**Stored data entries**.
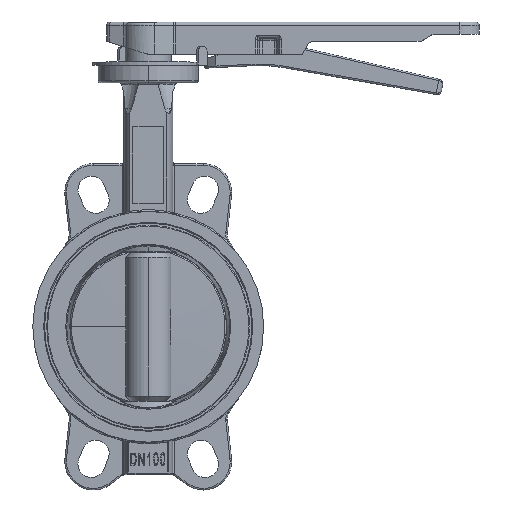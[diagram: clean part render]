
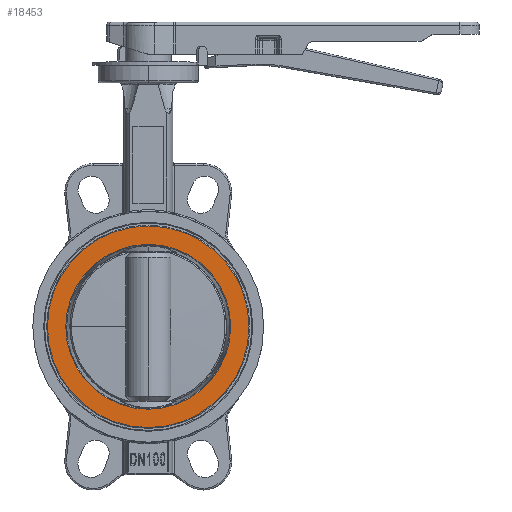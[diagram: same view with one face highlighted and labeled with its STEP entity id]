
A CAD part, top view. The second image highlights one B-rep face of the part: STEP entity #18453.
In plain terms, the highlighted planar face has unit normal (0, 0, 1).
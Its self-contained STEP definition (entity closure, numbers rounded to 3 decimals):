
#36 = DIRECTION ( 'NONE',  ( 1., 0., 0. ) ) ;
#338 = CARTESIAN_POINT ( 'NONE',  ( -238.488, -40.227, 325.15 ) ) ;
#1259 = FACE_BOUND ( 'NONE', #6249, .T. ) ;
#2880 = CARTESIAN_POINT ( 'NONE',  ( -184.932, -40.227, 325.15 ) ) ;
#4750 = DIRECTION ( 'NONE',  ( 0., 0., 1. ) ) ;
#4819 = AXIS2_PLACEMENT_3D ( 'NONE', #16295, #4750, #18211 ) ;
#4841 = DIRECTION ( 'NONE',  ( 1., 0., 0. ) ) ;
#5613 = VERTEX_POINT ( 'NONE', #24805 ) ;
#5628 = ORIENTED_EDGE ( 'NONE', *, *, #8501, .T. ) ;
#5784 = FACE_OUTER_BOUND ( 'NONE', #6764, .T. ) ;
#5916 = AXIS2_PLACEMENT_3D ( 'NONE', #19682, #8204, #21617 ) ;
#6249 = EDGE_LOOP ( 'NONE', ( #24828, #7380 ) ) ;
#6764 = EDGE_LOOP ( 'NONE', ( #18703, #5628 ) ) ;
#7380 = ORIENTED_EDGE ( 'NONE', *, *, #8559, .T. ) ;
#8204 = DIRECTION ( 'NONE',  ( 0., 0., 1. ) ) ;
#8501 = EDGE_CURVE ( 'NONE', #24169, #15685, #17649, .T. ) ;
#8559 = EDGE_CURVE ( 'NONE', #22262, #5613, #11359, .T. ) ;
#9671 = CARTESIAN_POINT ( 'NONE',  ( -184.932, -40.227, 325.15 ) ) ;
#10755 = CARTESIAN_POINT ( 'NONE',  ( -184.932, -40.227, 325.15 ) ) ;
#11359 = CIRCLE ( 'NONE', #15150, 53.555 ) ;
#11616 = DIRECTION ( 'NONE',  ( 0., 0., 1. ) ) ;
#11637 = AXIS2_PLACEMENT_3D ( 'NONE', #2880, #16381, #4841 ) ;
#12701 = EDGE_CURVE ( 'NONE', #15685, #24169, #20799, .T. ) ;
#12708 = DIRECTION ( 'NONE',  ( 1., 0., 0. ) ) ;
#14334 = EDGE_CURVE ( 'NONE', #5613, #22262, #23499, .T. ) ;
#15150 = AXIS2_PLACEMENT_3D ( 'NONE', #10755, #24178, #12708 ) ;
#15685 = VERTEX_POINT ( 'NONE', #25011 ) ;
#16295 = CARTESIAN_POINT ( 'NONE',  ( -184.932, -40.227, 325.15 ) ) ;
#16381 = DIRECTION ( 'NONE',  ( 0., 0., -1. ) ) ;
#16687 = CARTESIAN_POINT ( 'NONE',  ( -250.432, -40.227, 325.15 ) ) ;
#17649 = CIRCLE ( 'NONE', #4819, 65.5 ) ;
#18211 = DIRECTION ( 'NONE',  ( 1., 0., 0. ) ) ;
#18453 = ADVANCED_FACE ( 'NONE', ( #5784, #1259 ), #21143, .T. ) ;
#18607 = AXIS2_PLACEMENT_3D ( 'NONE', #9671, #11616, #36 ) ;
#18703 = ORIENTED_EDGE ( 'NONE', *, *, #12701, .T. ) ;
#19682 = CARTESIAN_POINT ( 'NONE',  ( -184.932, -40.227, 325.15 ) ) ;
#20799 = CIRCLE ( 'NONE', #5916, 65.5 ) ;
#21143 = PLANE ( 'NONE',  #18607 ) ;
#21617 = DIRECTION ( 'NONE',  ( 1., 0., 0. ) ) ;
#22262 = VERTEX_POINT ( 'NONE', #338 ) ;
#23499 = CIRCLE ( 'NONE', #11637, 53.555 ) ;
#24169 = VERTEX_POINT ( 'NONE', #16687 ) ;
#24178 = DIRECTION ( 'NONE',  ( 0., 0., -1. ) ) ;
#24805 = CARTESIAN_POINT ( 'NONE',  ( -131.377, -40.227, 325.15 ) ) ;
#24828 = ORIENTED_EDGE ( 'NONE', *, *, #14334, .T. ) ;
#25011 = CARTESIAN_POINT ( 'NONE',  ( -119.432, -40.227, 325.15 ) ) ;

**Your objective**.
Transcribe the records above exactly, without images.

**Solution**.
[diagram: clean part render]
[diagram: same view with one face highlighted and labeled with its STEP entity id]
A CAD part, top view. The second image highlights one B-rep face of the part: STEP entity #18453.
In plain terms, the highlighted planar face has unit normal (0, 0, 1).
Its self-contained STEP definition (entity closure, numbers rounded to 3 decimals):
#36 = DIRECTION ( 'NONE',  ( 1., 0., 0. ) ) ;
#338 = CARTESIAN_POINT ( 'NONE',  ( -238.488, -40.227, 325.15 ) ) ;
#1259 = FACE_BOUND ( 'NONE', #6249, .T. ) ;
#2880 = CARTESIAN_POINT ( 'NONE',  ( -184.932, -40.227, 325.15 ) ) ;
#4750 = DIRECTION ( 'NONE',  ( 0., 0., 1. ) ) ;
#4819 = AXIS2_PLACEMENT_3D ( 'NONE', #16295, #4750, #18211 ) ;
#4841 = DIRECTION ( 'NONE',  ( 1., 0., 0. ) ) ;
#5613 = VERTEX_POINT ( 'NONE', #24805 ) ;
#5628 = ORIENTED_EDGE ( 'NONE', *, *, #8501, .T. ) ;
#5784 = FACE_OUTER_BOUND ( 'NONE', #6764, .T. ) ;
#5916 = AXIS2_PLACEMENT_3D ( 'NONE', #19682, #8204, #21617 ) ;
#6249 = EDGE_LOOP ( 'NONE', ( #24828, #7380 ) ) ;
#6764 = EDGE_LOOP ( 'NONE', ( #18703, #5628 ) ) ;
#7380 = ORIENTED_EDGE ( 'NONE', *, *, #8559, .T. ) ;
#8204 = DIRECTION ( 'NONE',  ( 0., 0., 1. ) ) ;
#8501 = EDGE_CURVE ( 'NONE', #24169, #15685, #17649, .T. ) ;
#8559 = EDGE_CURVE ( 'NONE', #22262, #5613, #11359, .T. ) ;
#9671 = CARTESIAN_POINT ( 'NONE',  ( -184.932, -40.227, 325.15 ) ) ;
#10755 = CARTESIAN_POINT ( 'NONE',  ( -184.932, -40.227, 325.15 ) ) ;
#11359 = CIRCLE ( 'NONE', #15150, 53.555 ) ;
#11616 = DIRECTION ( 'NONE',  ( 0., 0., 1. ) ) ;
#11637 = AXIS2_PLACEMENT_3D ( 'NONE', #2880, #16381, #4841 ) ;
#12701 = EDGE_CURVE ( 'NONE', #15685, #24169, #20799, .T. ) ;
#12708 = DIRECTION ( 'NONE',  ( 1., 0., 0. ) ) ;
#14334 = EDGE_CURVE ( 'NONE', #5613, #22262, #23499, .T. ) ;
#15150 = AXIS2_PLACEMENT_3D ( 'NONE', #10755, #24178, #12708 ) ;
#15685 = VERTEX_POINT ( 'NONE', #25011 ) ;
#16295 = CARTESIAN_POINT ( 'NONE',  ( -184.932, -40.227, 325.15 ) ) ;
#16381 = DIRECTION ( 'NONE',  ( 0., 0., -1. ) ) ;
#16687 = CARTESIAN_POINT ( 'NONE',  ( -250.432, -40.227, 325.15 ) ) ;
#17649 = CIRCLE ( 'NONE', #4819, 65.5 ) ;
#18211 = DIRECTION ( 'NONE',  ( 1., 0., 0. ) ) ;
#18453 = ADVANCED_FACE ( 'NONE', ( #5784, #1259 ), #21143, .T. ) ;
#18607 = AXIS2_PLACEMENT_3D ( 'NONE', #9671, #11616, #36 ) ;
#18703 = ORIENTED_EDGE ( 'NONE', *, *, #12701, .T. ) ;
#19682 = CARTESIAN_POINT ( 'NONE',  ( -184.932, -40.227, 325.15 ) ) ;
#20799 = CIRCLE ( 'NONE', #5916, 65.5 ) ;
#21143 = PLANE ( 'NONE',  #18607 ) ;
#21617 = DIRECTION ( 'NONE',  ( 1., 0., 0. ) ) ;
#22262 = VERTEX_POINT ( 'NONE', #338 ) ;
#23499 = CIRCLE ( 'NONE', #11637, 53.555 ) ;
#24169 = VERTEX_POINT ( 'NONE', #16687 ) ;
#24178 = DIRECTION ( 'NONE',  ( 0., 0., -1. ) ) ;
#24805 = CARTESIAN_POINT ( 'NONE',  ( -131.377, -40.227, 325.15 ) ) ;
#24828 = ORIENTED_EDGE ( 'NONE', *, *, #14334, .T. ) ;
#25011 = CARTESIAN_POINT ( 'NONE',  ( -119.432, -40.227, 325.15 ) ) ;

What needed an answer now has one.